Runtime Hooks — Find the Bug¶
A collection of realistic runtime-hook bug scenarios. For each: the symptom, the (subtle) cause, and the fix. Reading them in order builds the diagnostic instinct you need when a service does something the runtime "shouldn't" do.
Bug 1: runtime.GC() in a hot path¶
func handle(req *Request) Response {
resp := process(req)
runtime.GC() // "to keep memory low"
return resp
}
Symptom. p99 latency is 50× higher than p50. CPU profile shows runtime.gcStart, runtime.gcMarkDone, and runtime.gcSweep dominating.

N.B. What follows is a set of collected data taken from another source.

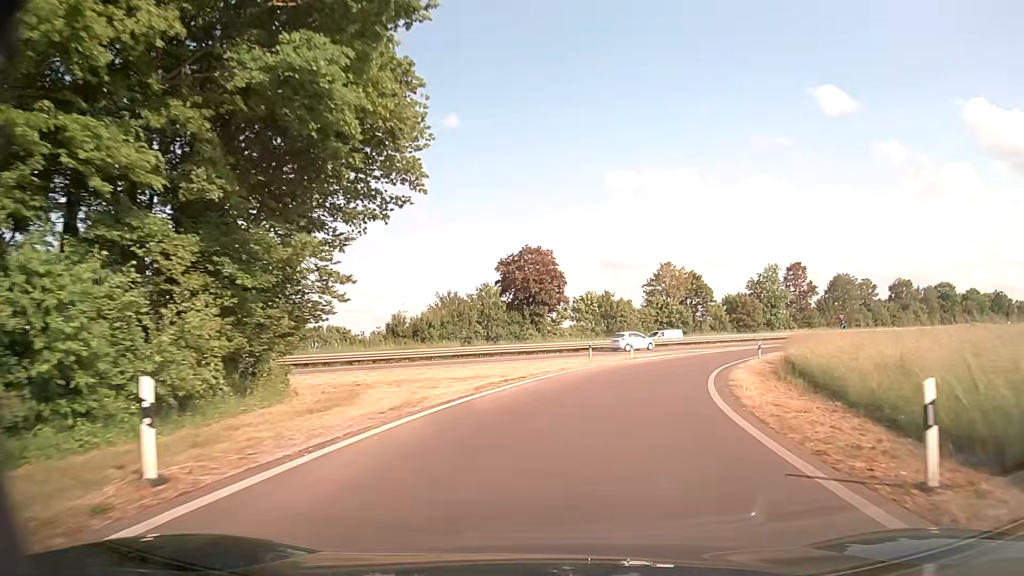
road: trunk_link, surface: asphalt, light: Day
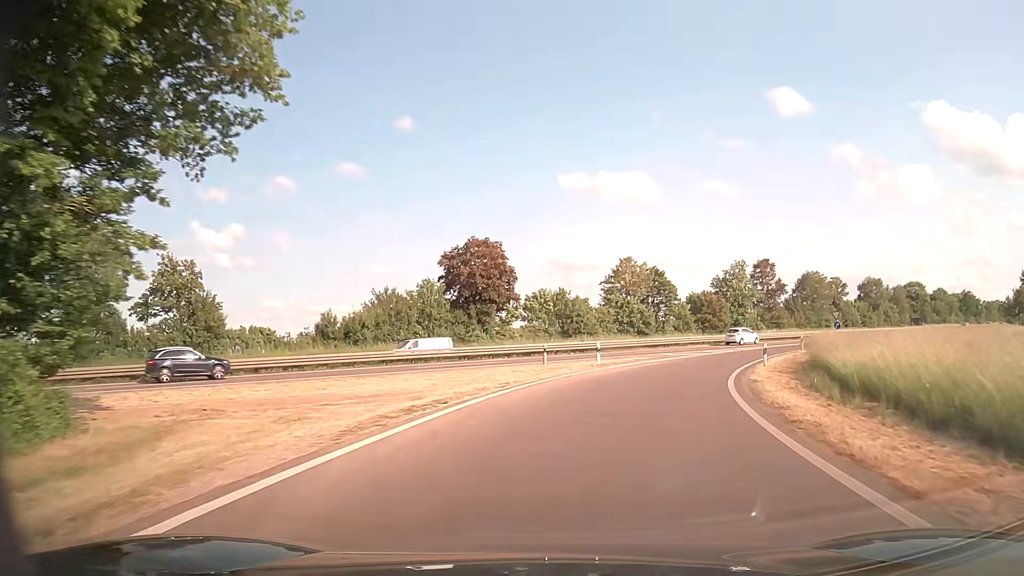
(+0.2, +8.3) m; +3°
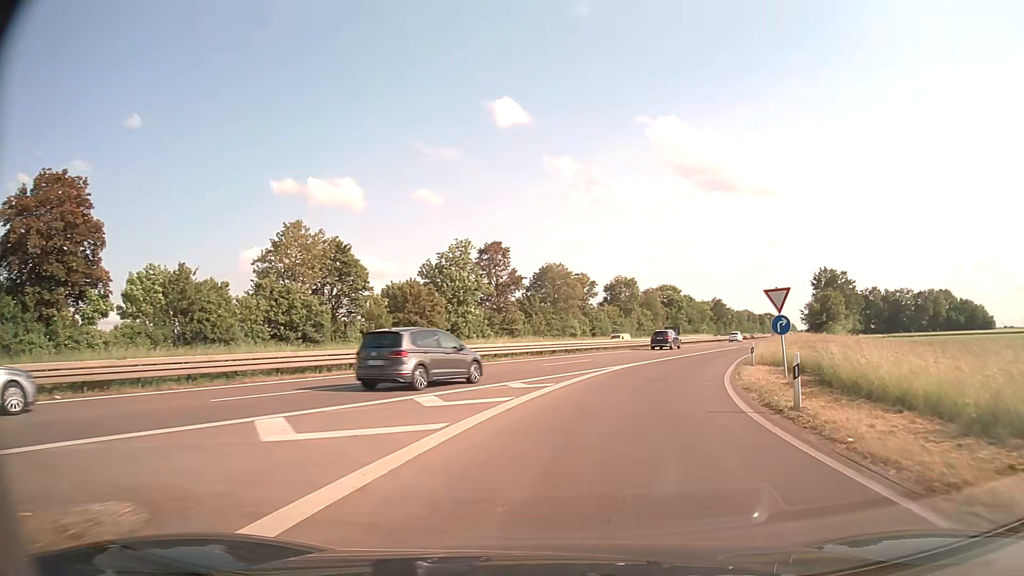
(+6.8, +32.7) m; +24°
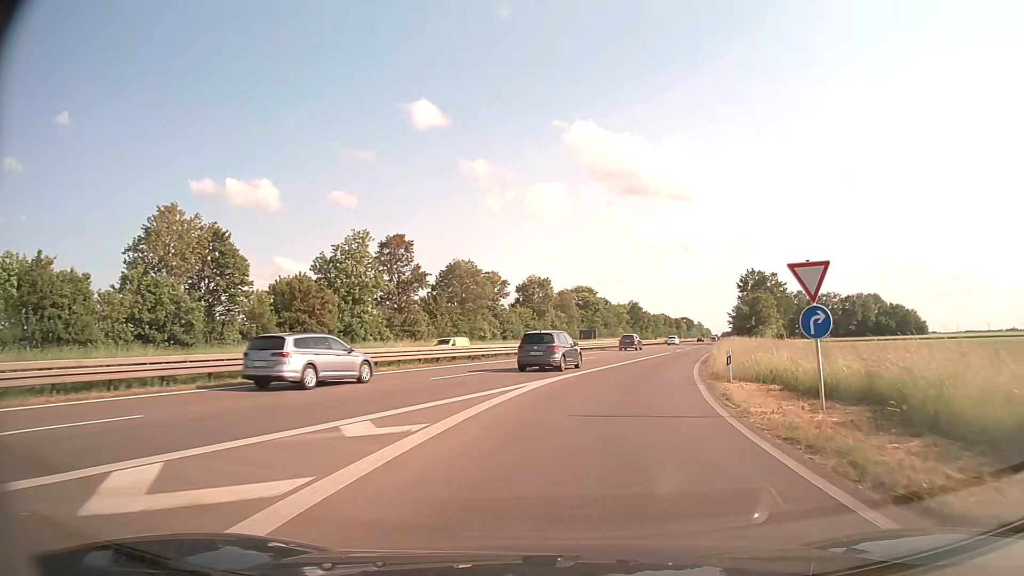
(+0.5, +8.4) m; +7°
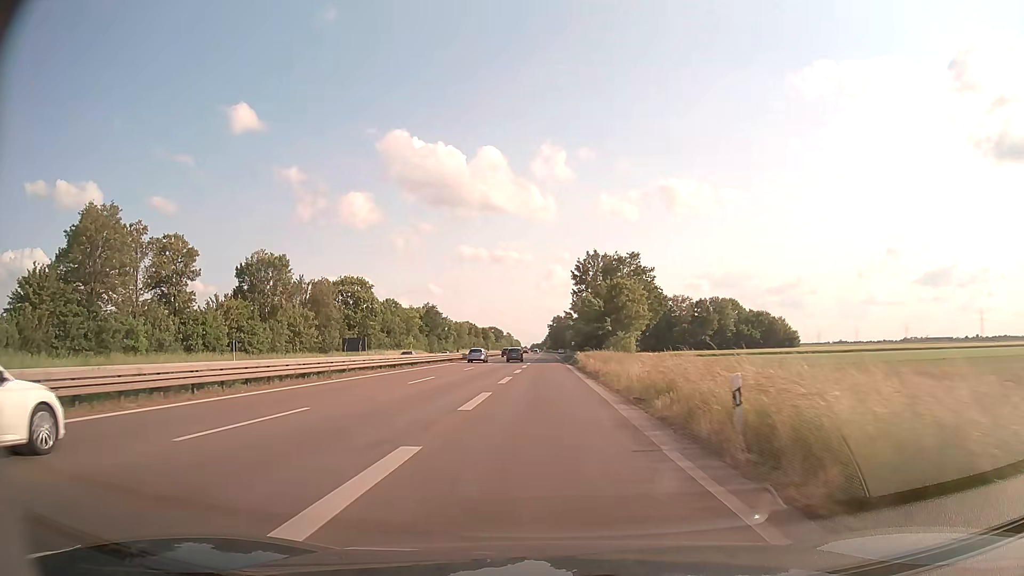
(+10.0, +46.6) m; +18°
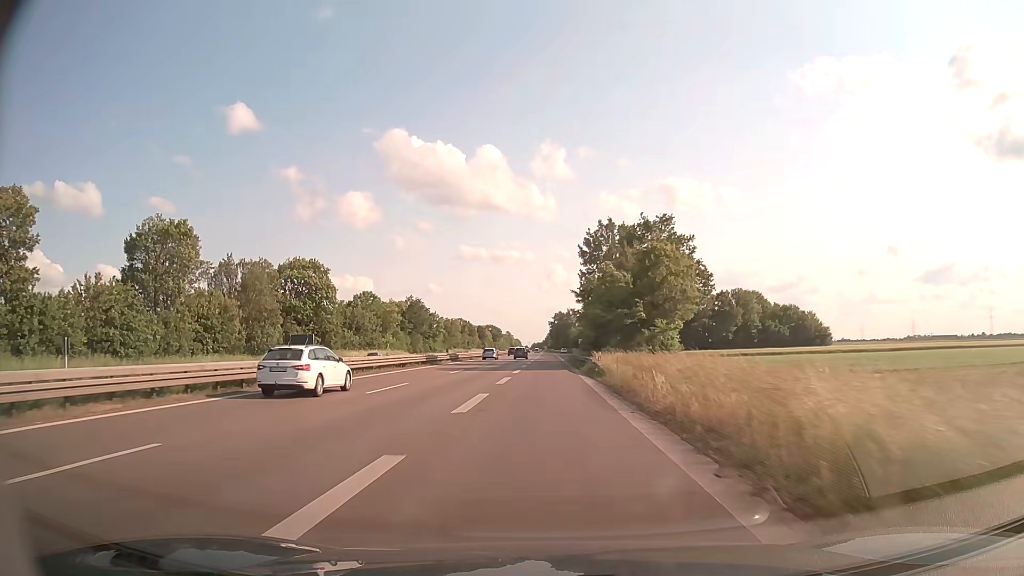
(+0.1, +25.0) m; 0°
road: trunk
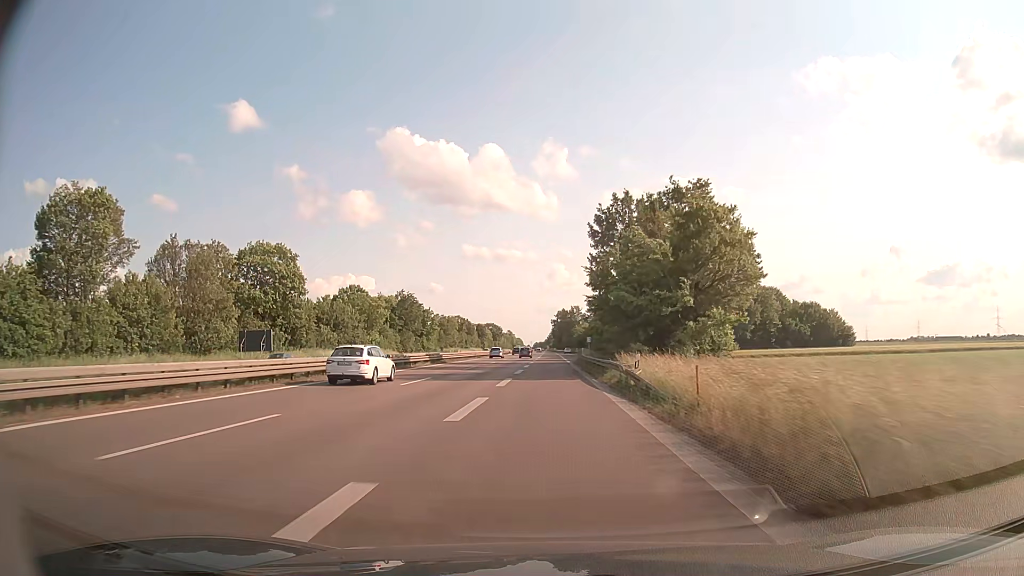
(-0.1, +14.0) m; -1°
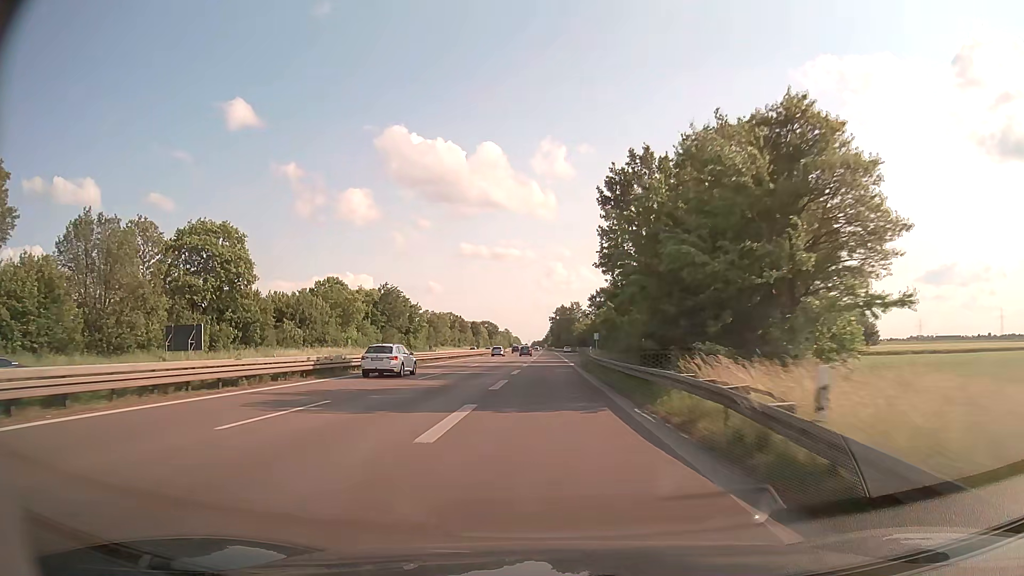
(+0.1, +14.8) m; 0°
(0, +10) (0, +20) (0, +30) (0, +40) (0, +50) (0, +60) (0, +70) (0, +80) (0, +90) (-1, +100) m

Cause. Every request now blocks during the GC's STW phases. The pacer is bypassed; the runtime collects after every request instead of when actually needed. Even at sub-millisecond pauses, doing it thousands of times per second is fatal.
Fix. Remove the runtime.GC() call. If memory really is the concern, set GOMEMLIMIT and let the pacer do its job. runtime.GC() in production code is almost always wrong.
Bug 2: SetFinalizer cycle that never collects¶
type Connection struct {
peer *Connection
fd int
}
func newPair() (*Connection, *Connection) {
a, b := &Connection{}, &Connection{}
a.peer, b.peer = b, a
runtime.SetFinalizer(a, func(c *Connection) { syscall.Close(c.fd) })
runtime.SetFinalizer(b, func(c *Connection) { syscall.Close(c.fd) })
return a, b
}
Symptom. HeapAlloc grows without bound; the heap profile shows Connection instances accumulating forever.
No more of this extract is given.